== Problem ==
With the pictures excluded, output only the lines from the one containing "Character: 尋" through the last line of the entries, unchanged.

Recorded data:
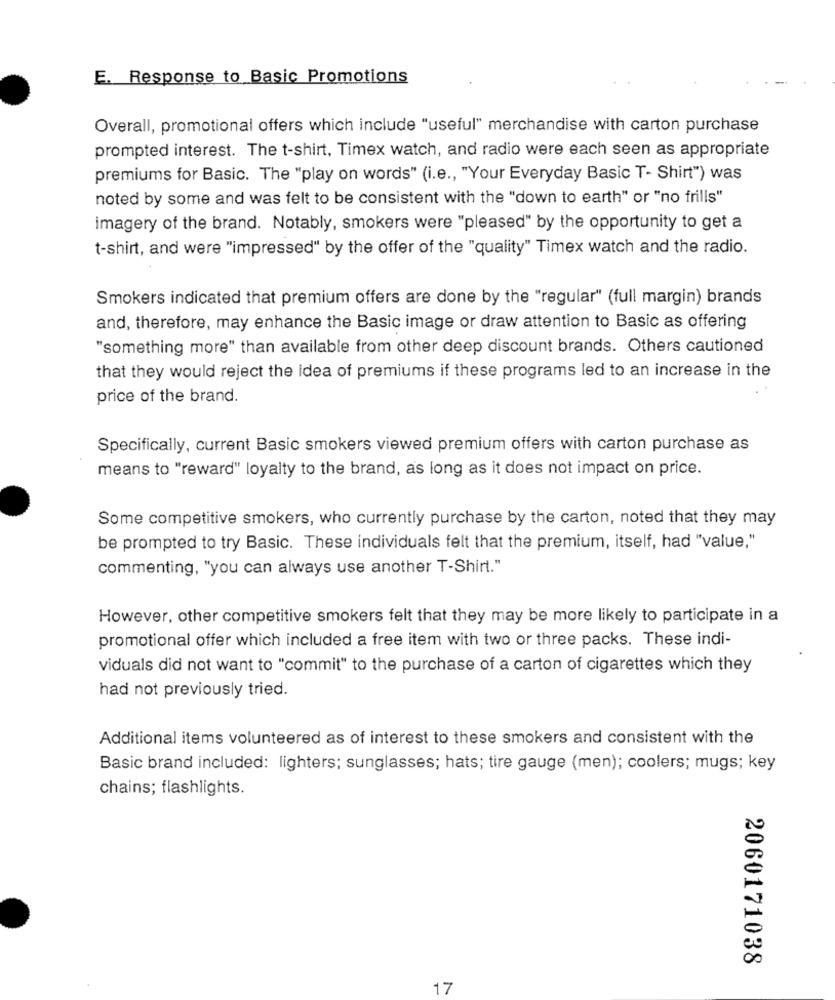
E. Response to Basic Promotions
Overall, promotional offers which include "useful" merchandise with carton purchase
prompted interest. The t-shirt, Timex watch, and radio were each seen as appropriate
premiums for Basic. The "play on words" (i.e ., "Your Everyday Basic T- Shirt") was
noted by some and was felt to be consistent with the "down to earth" or "no frills"
imagery of the brand. Notably, smokers were "pleased" by the opportunity to get a
t-shirt, and were "impressed" by the offer of the "quality" Timex watch and the radio.
Smokers indicated that premium offers are done by the "regular" (full margin) brands
and, therefore, may enhance the Basic image or draw attention to Basic as offering
"something more" than available from other deep discount brands. Others cautioned
that they would reject the idea of premiums if these programs led to an increase in the
price of the brand.
Specifically, current Basic smokers viewed premium offers with carton purchase as
means to "reward" loyalty to the brand, as long as it does not impact on price.
Some competitive smokers, who currently purchase by the carton, noted that they may
be prompted to try Basic. These individuals felt that the premium, itself, had "value,"
commenting, "you can always use another T-Shirt."
However, other competitive smokers felt that they may be more likely to participate in a
promotional offer which included a free item with two or three packs. These indi-
viduals did not want to "commit" to the purchase of a carton of cigarettes which they
had not previously tried.
Additional items volunteered as of interest to these smokers and consistent with the
Basic brand included: lighters; sunglasses; hats; tire gauge (men); coolers; mugs; key
chains; flashlights.
2060171038
17
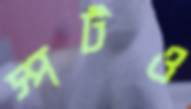
স্পটও
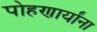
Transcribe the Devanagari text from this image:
पोहणार्यांना
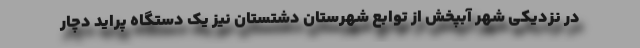
در نزدیکی شهر آبپخش از توابع شهرستان دشتستان نیز یک دستگاه پراید دچار
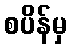
စပိန်မှ
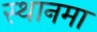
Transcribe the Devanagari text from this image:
स्थानमा
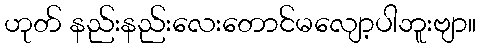
ဟုတ် နည်းနည်းလေးတောင်မလျော့ပါဘူးဗျာ။
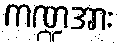
ကဏ္ဍအား
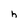
Character: h
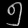
Digit: ၅
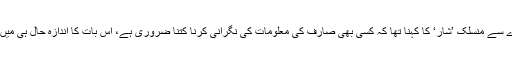
ساتھ ہی جرمنی میں کوائف کے تحفظ کے ادارے سے منسلک ’شار‘ کا کہنا تھا کہ کسی بھی صارف کی معلومات کی نگرانی کرنا کتنا ضروری ہے، اس بات کا اندازہ حال ہی میں وکی لیکس کے معاملے سے لگایا جا سکتا ہے۔
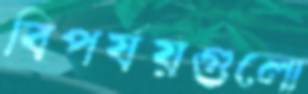
বিপর্যয়গুলো
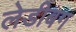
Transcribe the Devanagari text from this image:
लेडीबग
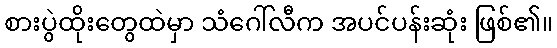
စားပွဲထိုးတွေထဲမှာ သံဂေါ်လီက အပင်ပန်းဆုံး ဖြစ်၏။
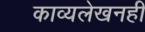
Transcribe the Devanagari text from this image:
काव्यलेखनही
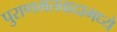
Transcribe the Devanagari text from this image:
पुराणमतवादामध्ये
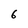
Character: 6
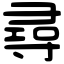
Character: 尋
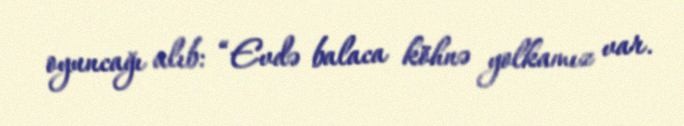
oyuncağı alıb: “Evdə balaca köhnə yolkamız var.
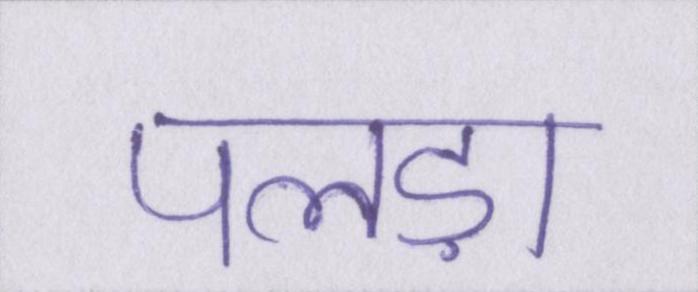
पलड़ा
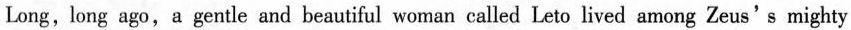
Long, long ago,a gentle and beautiful woman called Leto lived among Zeus's mighty
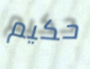
حكيم
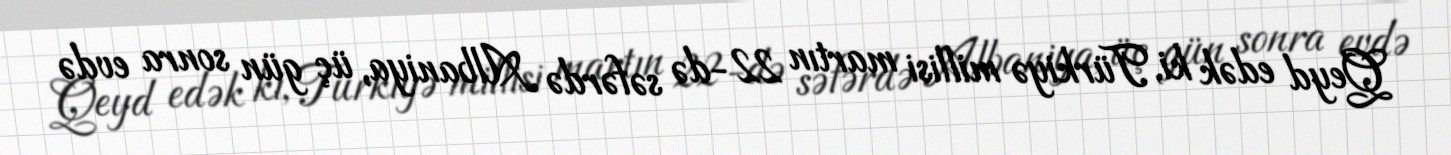
Qeyd edək ki, Türkiyə millisi martın 22-də səfərdə Albaniya, üç gün sonra evdə
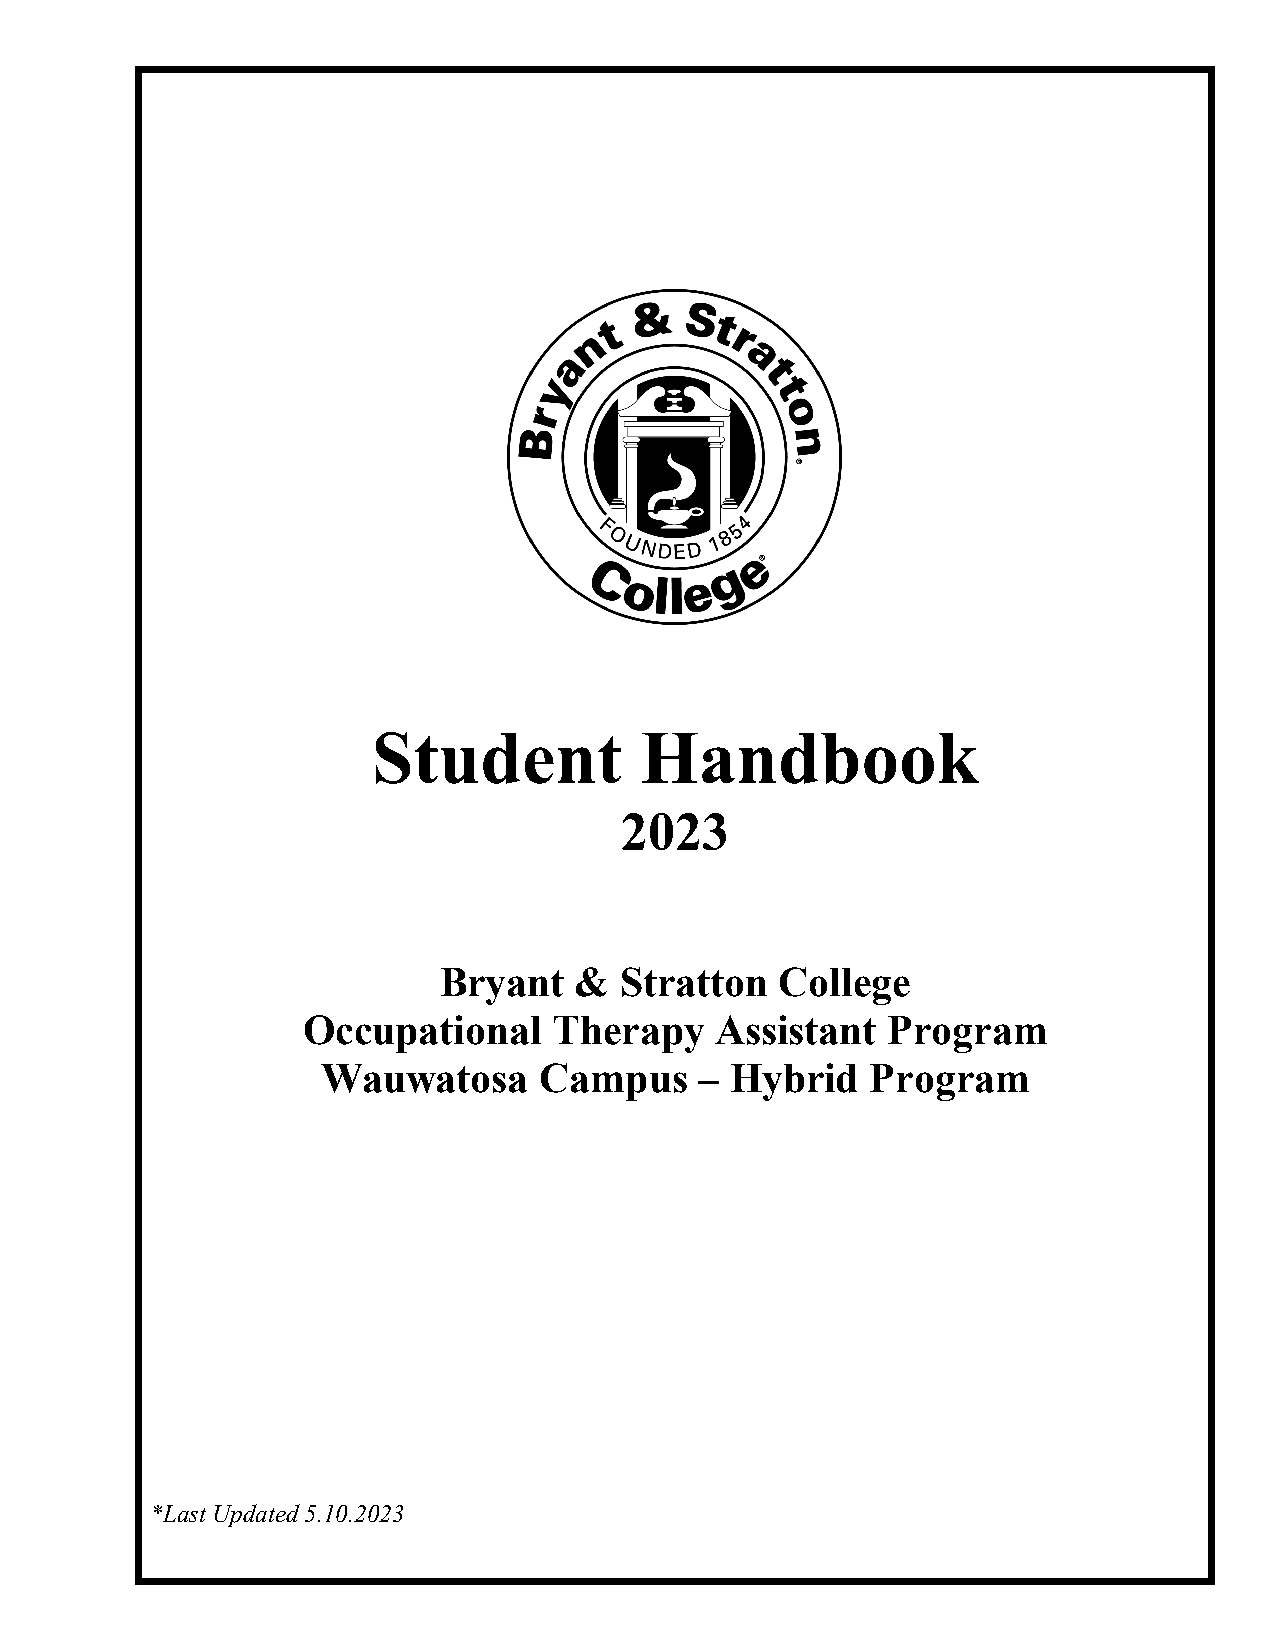
Student          Handbook
 2023
 Bryant   &  Stratton   College
 Occupational     Therapy   Assistant   Program
 Wauwatosa      Campus    – Hybrid    Program
 *Last Updated 5.10.2023
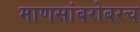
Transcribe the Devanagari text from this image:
माणसांबरोबरच
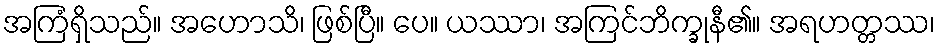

== Result below ==
Character: 尋
oyuncağı alıb: “Evdə balaca köhnə yolkamız var.
पलड़ा
Long, long ago,a gentle and beautiful woman called Leto lived among Zeus's mighty
حكيم
Qeyd edək ki, Türkiyə millisi martın 22-də səfərdə Albaniya, üç gün sonra evdə
Student          Handbook
 2023
 Bryant   &  Stratton   College
 Occupational     Therapy   Assistant   Program
 Wauwatosa      Campus    – Hybrid    Program
 *Last Updated 5.10.2023
Transcribe the Devanagari text from this image:
माणसांबरोबरच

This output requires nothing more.